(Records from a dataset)
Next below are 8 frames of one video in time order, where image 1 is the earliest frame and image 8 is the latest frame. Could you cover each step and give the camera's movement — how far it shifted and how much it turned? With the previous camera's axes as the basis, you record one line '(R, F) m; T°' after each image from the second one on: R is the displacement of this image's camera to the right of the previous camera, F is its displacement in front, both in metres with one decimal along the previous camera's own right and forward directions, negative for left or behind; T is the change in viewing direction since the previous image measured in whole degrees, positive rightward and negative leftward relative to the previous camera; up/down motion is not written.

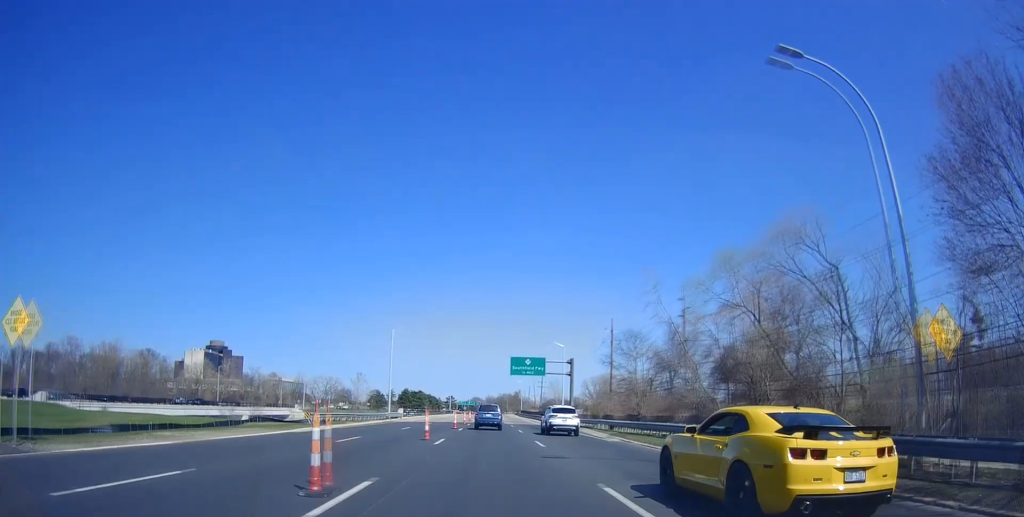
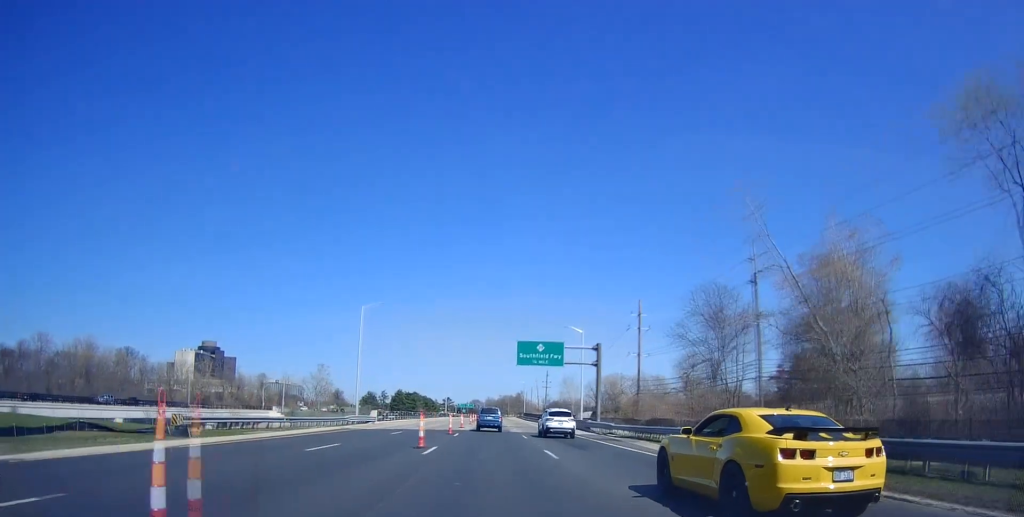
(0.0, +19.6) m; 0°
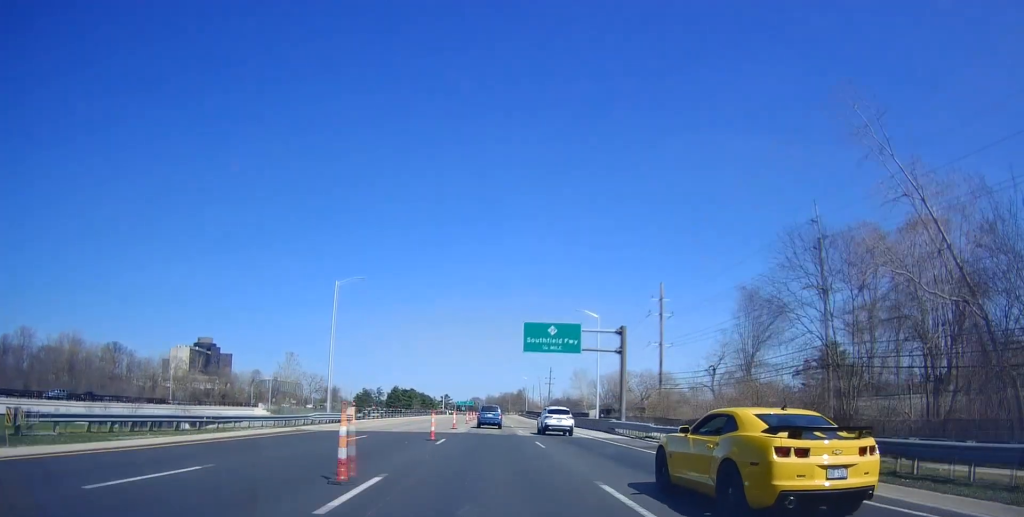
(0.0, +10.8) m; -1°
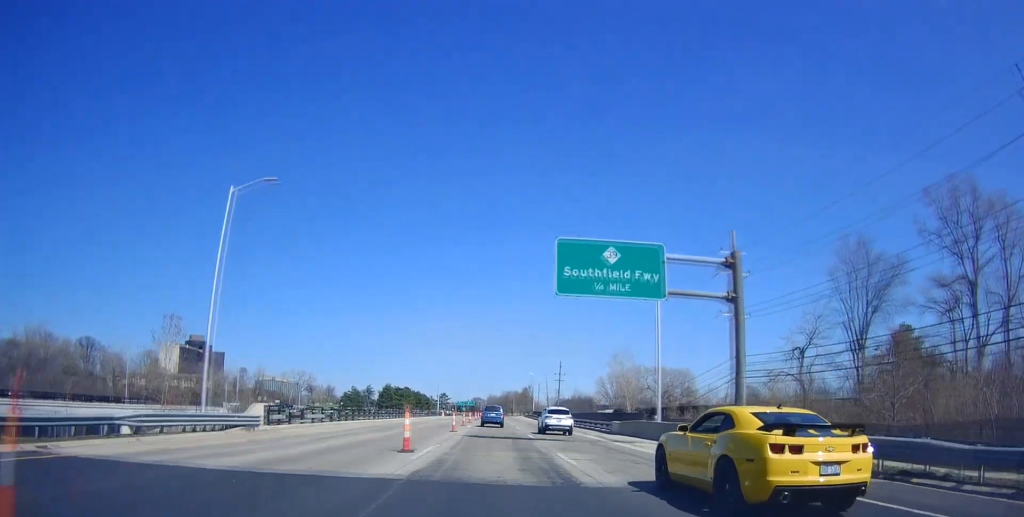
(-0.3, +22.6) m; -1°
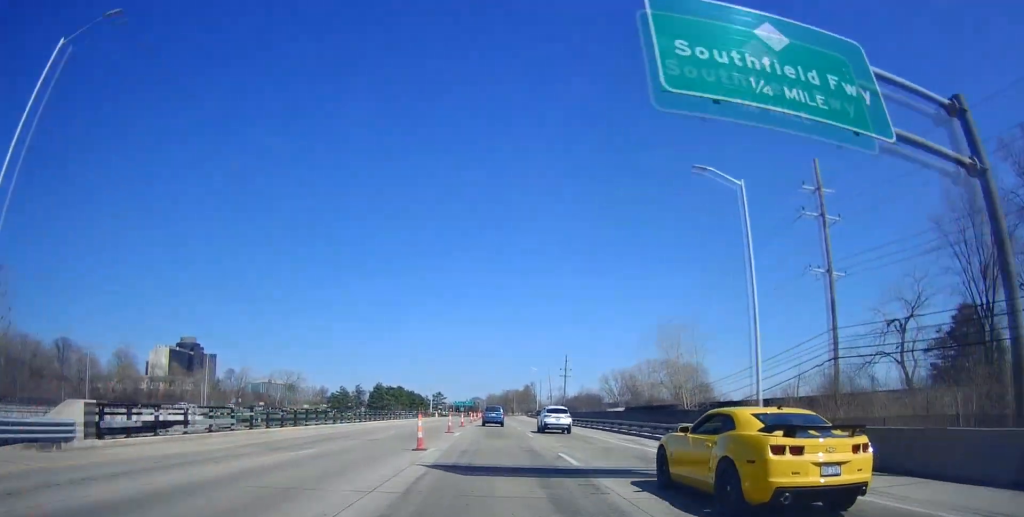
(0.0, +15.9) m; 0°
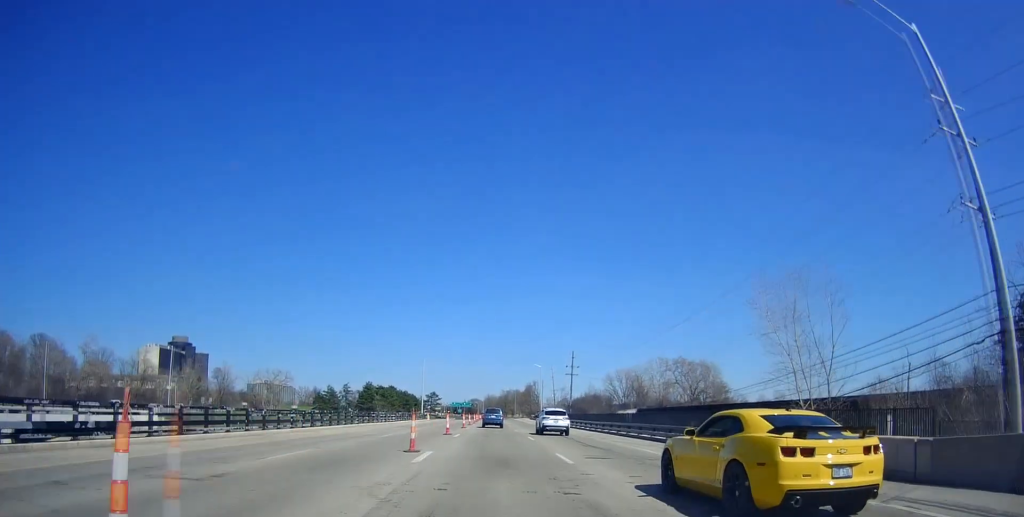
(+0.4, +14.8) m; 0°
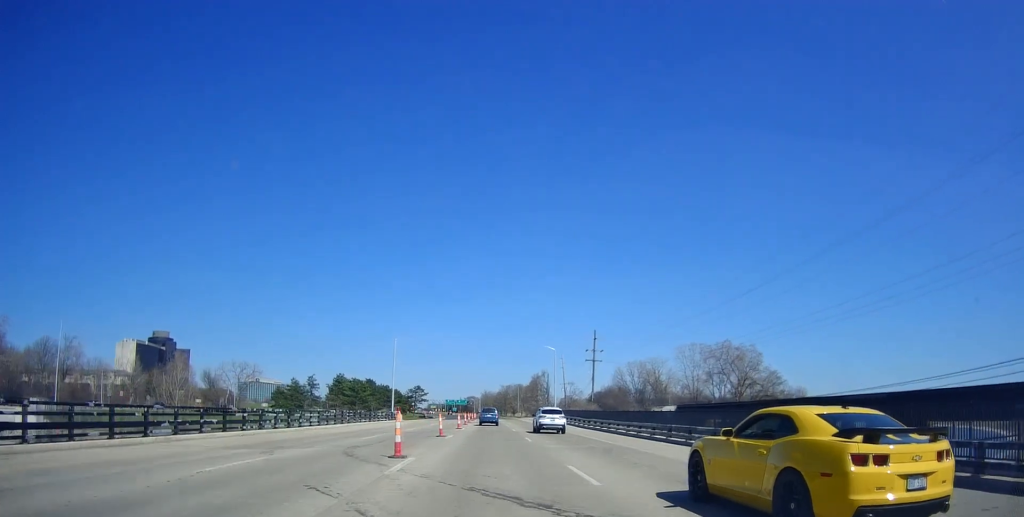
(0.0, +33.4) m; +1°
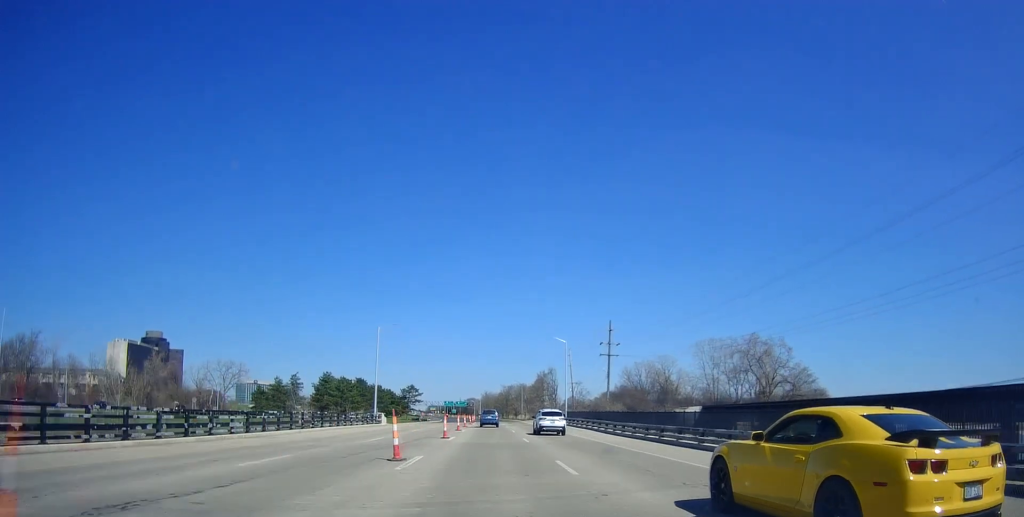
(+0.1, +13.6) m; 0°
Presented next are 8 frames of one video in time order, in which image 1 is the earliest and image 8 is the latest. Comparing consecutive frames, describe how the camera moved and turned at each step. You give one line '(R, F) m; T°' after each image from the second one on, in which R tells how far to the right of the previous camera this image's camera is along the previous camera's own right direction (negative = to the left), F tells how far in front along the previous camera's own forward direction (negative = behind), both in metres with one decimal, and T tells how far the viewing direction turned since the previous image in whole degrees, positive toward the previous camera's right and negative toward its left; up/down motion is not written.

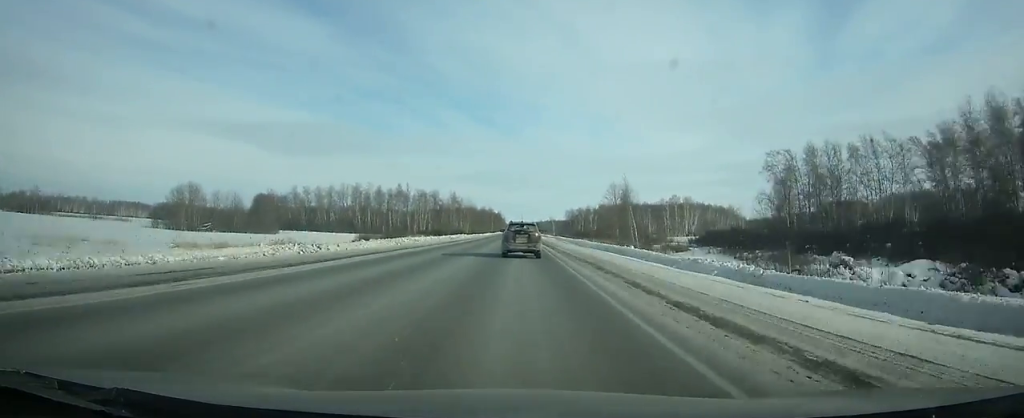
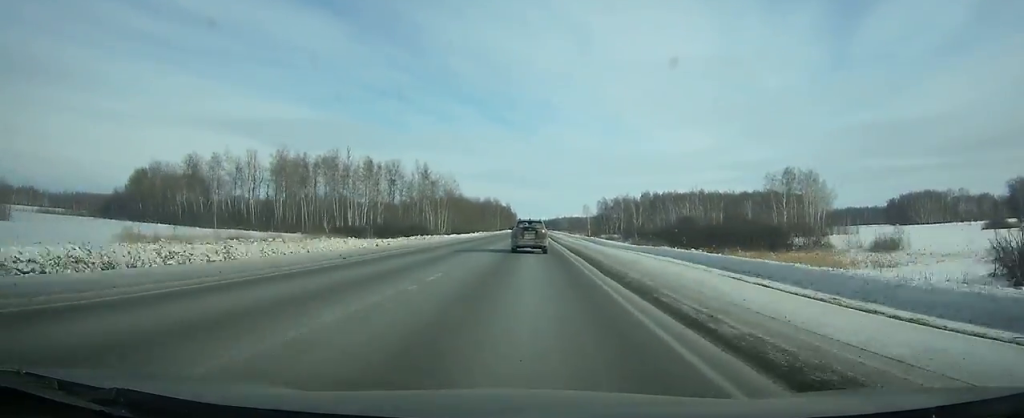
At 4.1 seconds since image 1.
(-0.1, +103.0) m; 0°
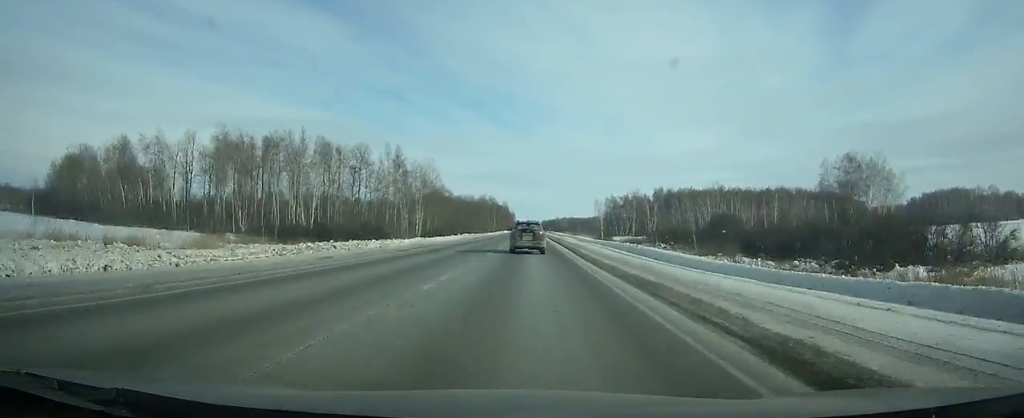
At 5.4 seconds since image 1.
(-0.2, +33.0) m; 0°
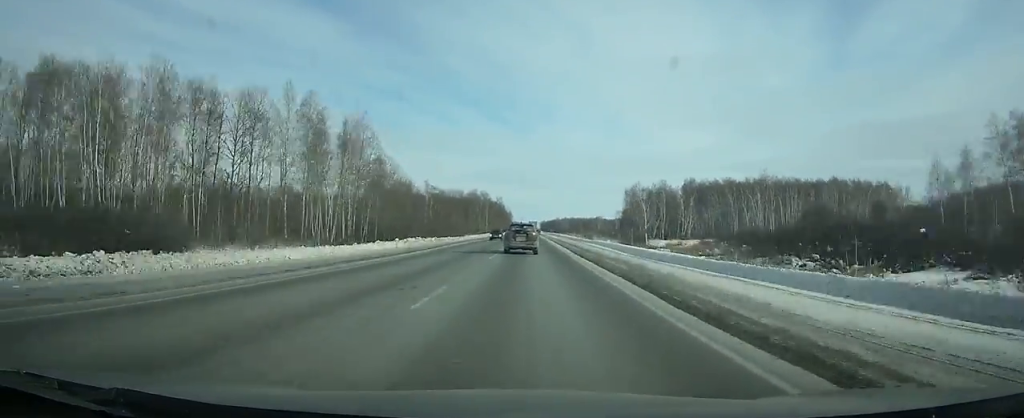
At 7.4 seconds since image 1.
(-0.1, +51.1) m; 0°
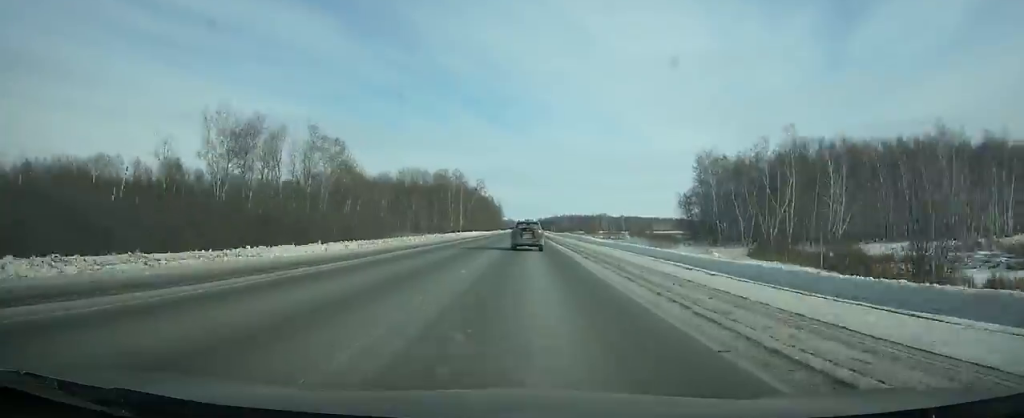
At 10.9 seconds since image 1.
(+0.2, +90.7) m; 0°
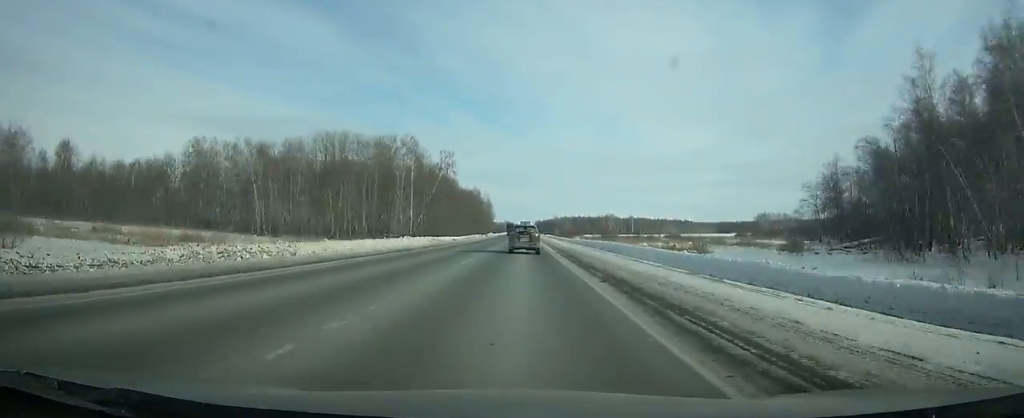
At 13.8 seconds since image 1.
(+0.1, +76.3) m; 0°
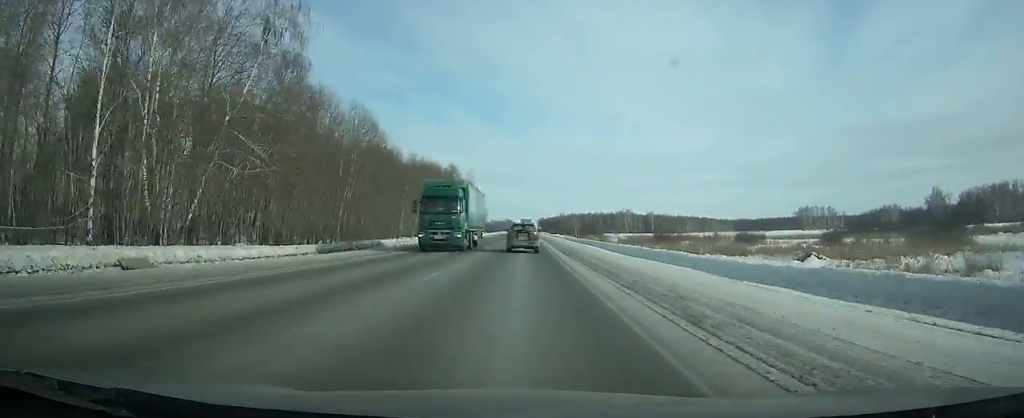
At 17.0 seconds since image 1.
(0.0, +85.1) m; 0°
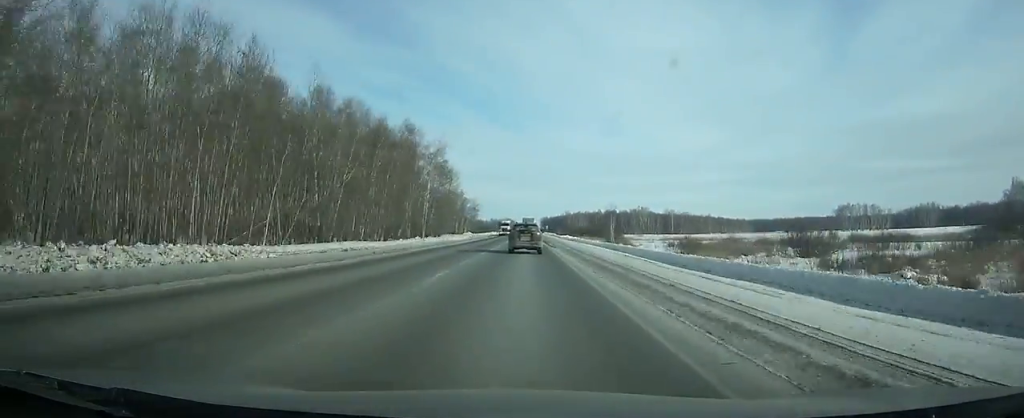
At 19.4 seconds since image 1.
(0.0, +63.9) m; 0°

PROBLEM STATEMENT:
Please reproduce the lines above from the one containing "At 5.4 seconds since image 1." through the final line, exactly and inclusively, leaving out each picture.

ANSWER SECTION:
At 5.4 seconds since image 1.
(-0.2, +33.0) m; 0°
At 7.4 seconds since image 1.
(-0.1, +51.1) m; 0°
At 10.9 seconds since image 1.
(+0.2, +90.7) m; 0°
At 13.8 seconds since image 1.
(+0.1, +76.3) m; 0°
At 17.0 seconds since image 1.
(0.0, +85.1) m; 0°
At 19.4 seconds since image 1.
(0.0, +63.9) m; 0°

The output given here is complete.